Грейс кивнула. Итоги жизни, собранные в рамке двенадцать на восемь дюймов. Как и все в доме престарелых, это казалось разумным и вместе с тем жутким.
На этаж Воспоминаний нужно было подняться на лифте. Лифт вызывался набором цифрового кода на кнопочной консоли.
— Так население не разбредается, — объяснила Линдси. Что ж, и это в соответствии со стилем учреждения — целесообразно и правильно, хоть и мороз по коже.
Этаж Воспоминаний оказался комфортным, хорошо оборудованным, полностью укомплектованным персоналом — и ужасающим. Некоторые его жильцы выглядели довольно бодро, но большинство вяло сидели по инвалидным креслам, напоминая собой увядающие цветы. Некоторые стояли или пытались идти куда-то, другие что-то бормотали себе под нос, но взгляд у всех был характерный — застывший, словно они высматривали что-то далеко впереди.
Дряхлая, лет под девяносто, старуха, бренча ключами, прошаркала к лифту.
— Куда вы, Сесил? — позвала ее Линдси.
Старуха обернулась:
— Забрать Денни из школы. Он меня уже ждет.
— Все нормально. Занятия закончатся только через два часа.
— Вы уверены?
— Конечно. Давайте сперва скушайте ленч, а потом заберете Денни.
— У него сегодня фортепиано.
— Я знаю.
Медсестра подошла и увела Сесил. Линдси проводила их взглядом.
— Для пациентов с прогрессирующим Альцгеймером мы применяем валидационную терапию.
— Как это?
— Не спорим с ними, не пытаемся заставить их осознать реальность. Я, например, не говорю Сесил, что ее Денни уже за шестьдесят, он работает в банке и нянчится с тремя внуками. Мы просто стараемся на что-то переключать их.
Они прошли по коридору — в смысле «кварталу», заставленному большими, в натуральную величину, куклами-детками. Здесь же нашел себе место пеленальный стол с плюшевыми медведями.
— Детский квартал.
— Они играют в куклы?! — не удержалась Грейс.
— Только те, у кого больше сохранилась личность. Это помогает им подготовиться к визитам праправнуков.
— А остальные?
— Некоторые думают, что они — молодые мамы. Куклы помогают их успокоить.
Невольно — а может, и намеренно — они ускорили шаг. Через несколько секунд Линдси повысила голос:
— Бобби!
Бобби Додд поднялся из-за карточного стола. Первое определение, просящееся на язык, если посмотреть на Додда-старшего, — франт. Щеголь. Додд выглядел энергичным и свежим, с очень черной кожей и рельефными, как у аллигатора, морщинами. Твидовый пиджак, двухцветные мокасины, алый аскотский галстук и в нагрудном кармане такой же платок. Седые волосы коротко подстрижены и гладко причесаны.

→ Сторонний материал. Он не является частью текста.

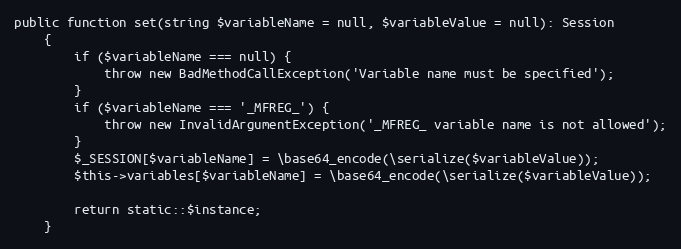
Language: PHP
public function set(string $variableName = null, $variableValue = null): Session
    {
        if ($variableName === null) {
            throw new BadMethodCallException('Variable name must be specified');
        }
        if ($variableName === '_MFREG_') {
            throw new InvalidArgumentException('_MFREG_ variable name is not allowed');
        }
        $_SESSION[$variableName] = \base64_encode(\serialize($variableValue));
        $this->variables[$variableName] = \base64_encode(\serialize($variableValue));

        return static::$instance;
    }
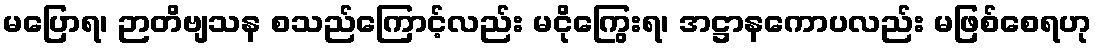
မပြောရ၊ ဉာတိဗျသန စသည်ကြောင့်လည်း မငိုကြွေးရ၊ အဋ္ဌာနကောပလည်း မဖြစ်စေရဟု
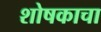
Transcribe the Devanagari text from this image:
शोषकाचा
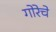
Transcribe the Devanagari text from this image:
गोरेचे
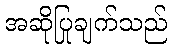
အဆိုပြုချက်သည်
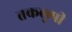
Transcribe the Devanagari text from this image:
तकलुपी
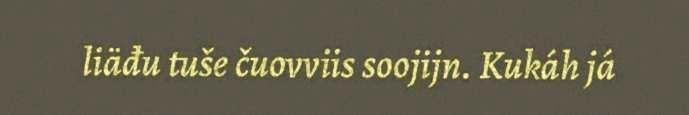
liäđu tuše čuovviis soojijn. Kukáh já
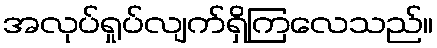
အလုပ်ရှုပ်လျက်ရှိကြလေသည်။
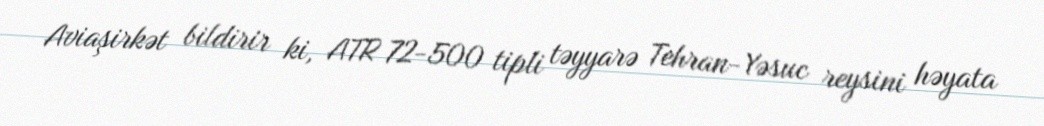
Aviaşirkət bildirir ki, ATR 72-500 tipli təyyarə Tehran-Yəsuc reysini həyata
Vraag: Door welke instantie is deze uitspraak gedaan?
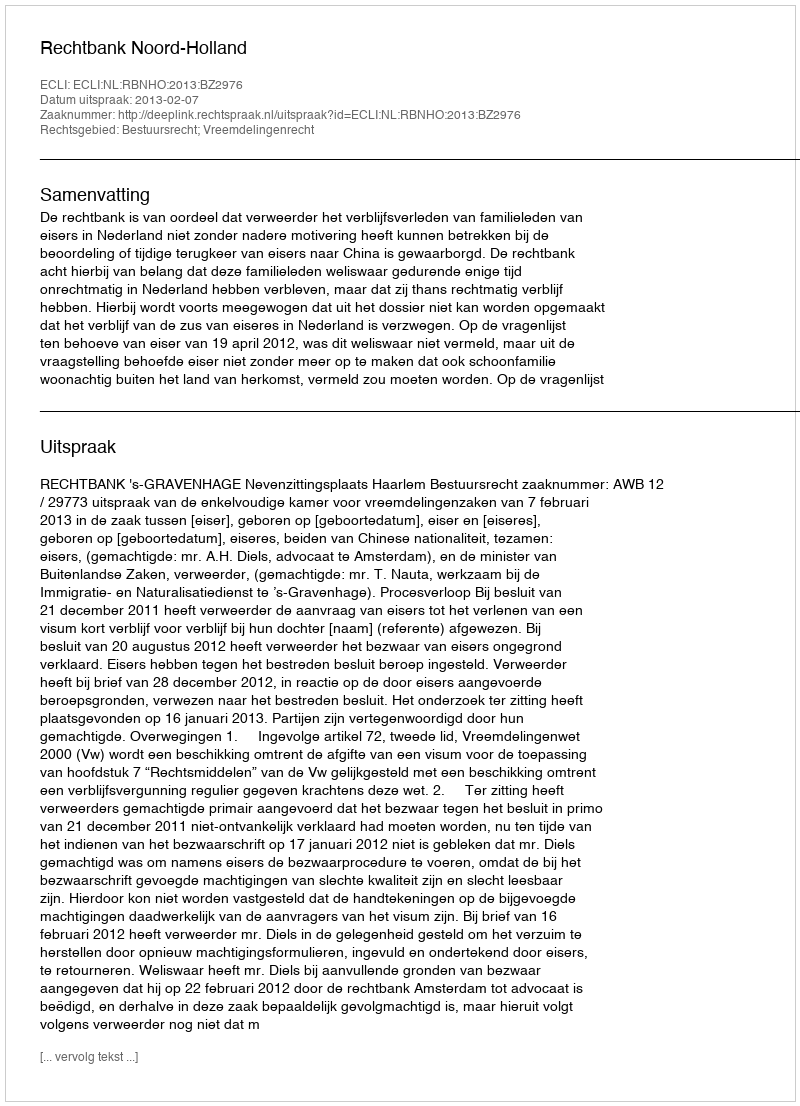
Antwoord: Rechtbank Noord-Holland
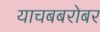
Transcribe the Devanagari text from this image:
याचबबरोबर
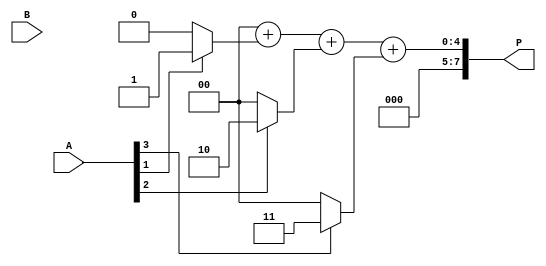
module vedic_multiplier #(parameter N = 4)(   // Define parameter N for n-bit inputs
    input  [N-1:0] A,                         // First multiplicand
    input  [N-1:0] B,                         // Second multiplicand
    output reg [2*N-1:0] P                    // Product output
);

    reg [2*N-1:0] partial_product [0:N-1];    // Array for partial products
    integer i, j;

    // Generate partial products
    always @(*) begin
        // Initialize product to zero
        P = 0;
        
        // Generate partial products using AND gates
        for (i = 0; i < N; i = i + 1) begin
            partial_product[i] = A[i] ? {B, i} : 0; // Shift B left by i if A[i] is 1
        end
        
        // Sum the partial products
        for (j = 0; j < N; j = j + 1) begin
            P = P + partial_product[j];
        end
    end
endmodule
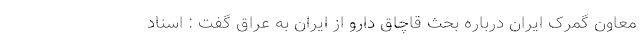
معاون گمرک ایران درباره بحث قاچاق دارو از ایران به عراق گفت : اسناد
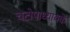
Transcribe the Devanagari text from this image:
चटोपाध्यायके
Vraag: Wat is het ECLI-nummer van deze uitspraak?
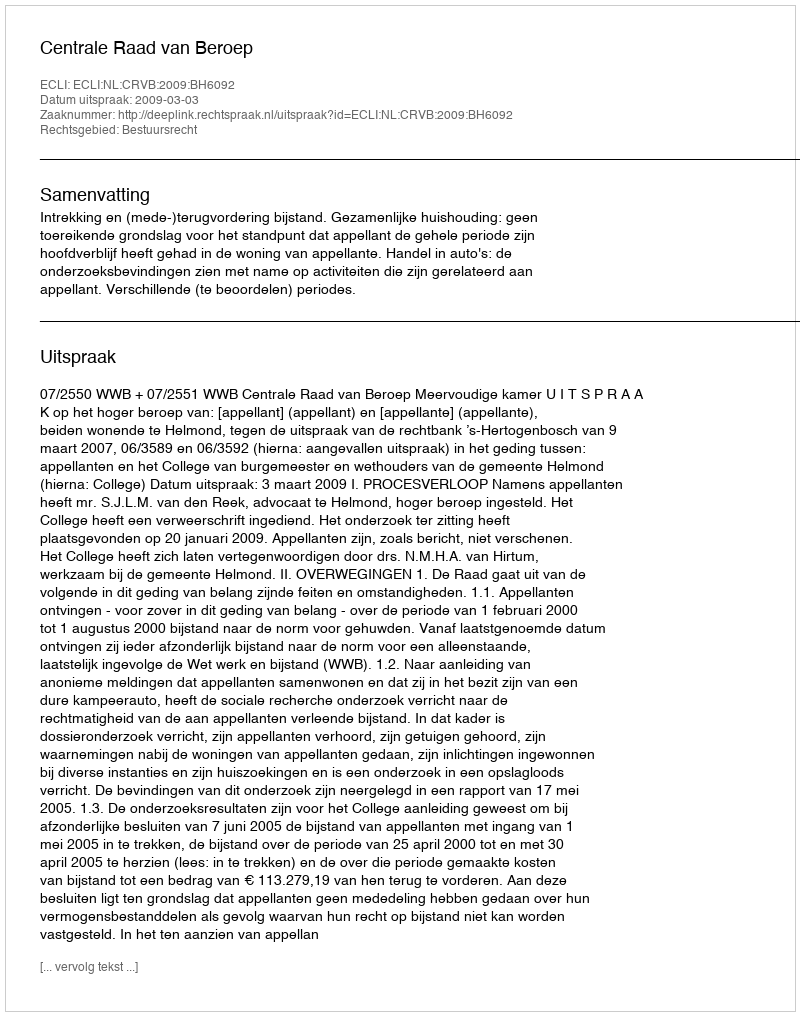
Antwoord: ECLI:NL:CRVB:2009:BH6092
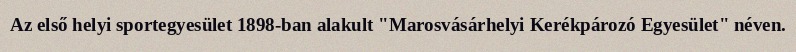
Az első helyi sportegyesület 1898-ban alakult "Marosvásárhelyi Kerékpározó Egyesület" néven.
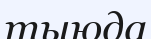
тыюда
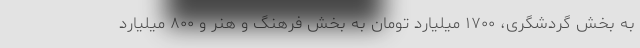
به بخش گردشگری، ۱۷۰۰ میلیارد تومان به بخش فرهنگ و هنر و ۸۰۰ میلیارد
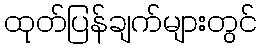
ထုတ်ပြန်ချက်များတွင်
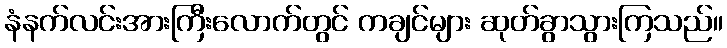
နံနက်လင်းအားကြီးလောက်တွင် ကချင်များ ဆုတ်ခွာသွားကြသည်။
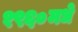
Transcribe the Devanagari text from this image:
१९६०मधे
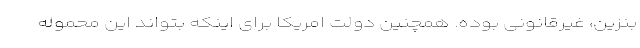
بنزین، غیرقانونی بوده. همچنین دولت امریکا برای اینکه بتواند این محموله
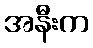
အနီးက
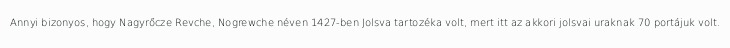
Annyi bizonyos, hogy Nagyrőcze Revche, Nogrewche néven 1427-ben Jolsva tartozéka volt, mert itt az akkori jolsvai uraknak 70 portájuk volt.
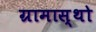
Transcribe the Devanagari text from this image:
ग्रामास्थो
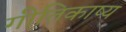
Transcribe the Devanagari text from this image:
गीतिकाष्य
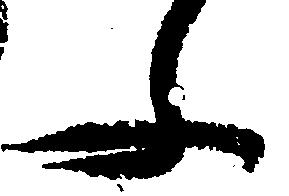
ふ
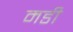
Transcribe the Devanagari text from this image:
मडी
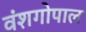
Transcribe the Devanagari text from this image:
वंशगोपाल
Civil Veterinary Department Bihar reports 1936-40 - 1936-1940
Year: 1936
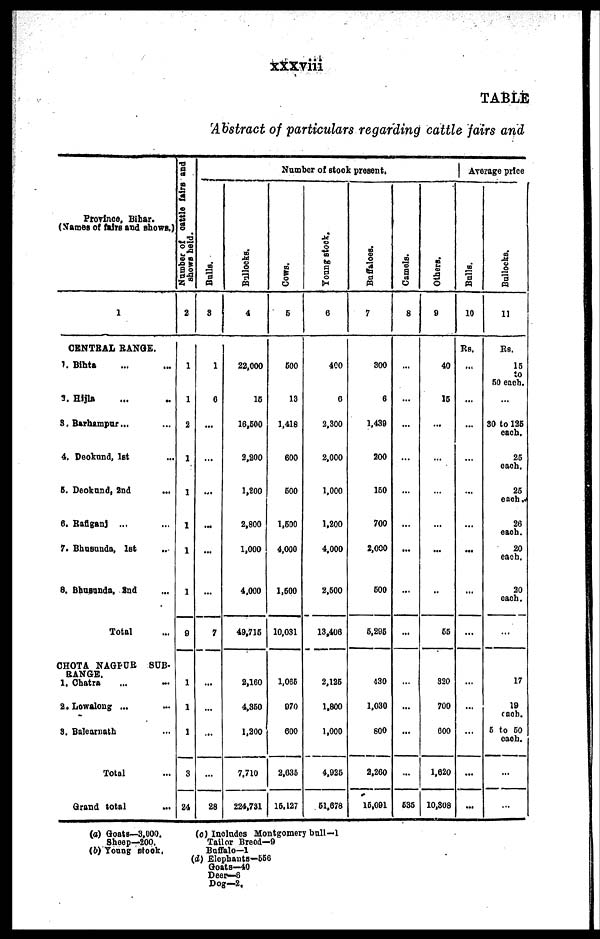
xxxviii
TABLE
Abstract of particulars regarding cattle fairs and
Province, Bihar.
(Names of fairs and shows.)
1
CENTRAL RANGE.
1. Bihta ... ...
3. Hijla ... ...
3. Barhampur... ...
4. Deokund, 1st ...
5. Deokund, 2nd
...
6. Rafiganj ... ...
7. Bhusunda, 1st ...
8, Bhusunda, 2nd ...
Total ...
CHOTA NAGPUR SUB-
RANGE.
1. Chatra ... ...
2.Lowalong ... ...
3. Balearnath ...
Total ...
Grand total ...
Number of cattle fairs and
shows held.
2
1
1
2
1
1
1
1
1
9
1
1
1
3
24
Number of stock present.
Bulls.
3
1
6
...
...
...
...
...
...
7
...
...
...
...
28
Bullocks.
4
22,000
16
16,600
2,200
1,200
2,800
1,000
4.000
49,716
2,160
4,360
1,200
7,710
224,731
Cows.
5
600
13
1,418
600
600
1,600
4,000
1,600
10,031
1,065
970
600
2,635
15,127
Young stock.
6
400
6
2,300
2,000
1,000
1,200
4,000
2,600
13,408
2,126
1,800
1,000
4,025
61,678
Buffaloes.
7
300
6
1,430
200
150
700
2,000
600
5,295
430
1,030
800
2,200
15,091
Camels.
8
...
...
...
...
...
...
...
...
...
...
...
...
...
535
Others.
9
40
15
...
...
...
...
...
...
55
320
700
600
1,620
10,808
Average price
Bulls.
10
RS.
...
...
...
...
...
...
...
...
...
...
...
...
...
...
Bullocks.
11
Rs.
15
50 each.
...
30 to 125
each.
25
each.
25
each.
26
each.
20
each.
20
each.
...
17
19
each.
5 to 50
each.
...
...
(a) Goats—3,000.
Sheep—200,
(b) Young stock.
(c) Includes Montgomery bull—1
Tailor Breed—9
Buffalo—1
(d) Elephants-556
Goats—40
Deer—8
Dog—2,

Приподнято-галантное настроение Додда не изменилось, даже когда Грейс объяснила, что приехала поговорить о его покойном сыне. Она ожидала проявлений сдерживаемого горя — повлажневших глаз, дрогнувшего голоса, но ничего подобного не увидела. Пусть это смелое обобщение, но престарелые менее болезненно воспринимают смерть или крупные трагедии. Старики способны разволноваться от пустяков вроде дорожных пробок, очередей в аэропорту, плохого обслуживания, но драматические события от них просто отскакивают. Что за странный эгоизм развивается с возрастом? Связано ли это с приближением к неизбежному, когда в преклонном возрасте люди начинают блокировать беды или отмахиваться от настоящих несчастий? Может, старческая хрупкость не в силах устоять перед ударами судьбы, отсюда этот защитный механизм, инстинкт выживания, безразличие?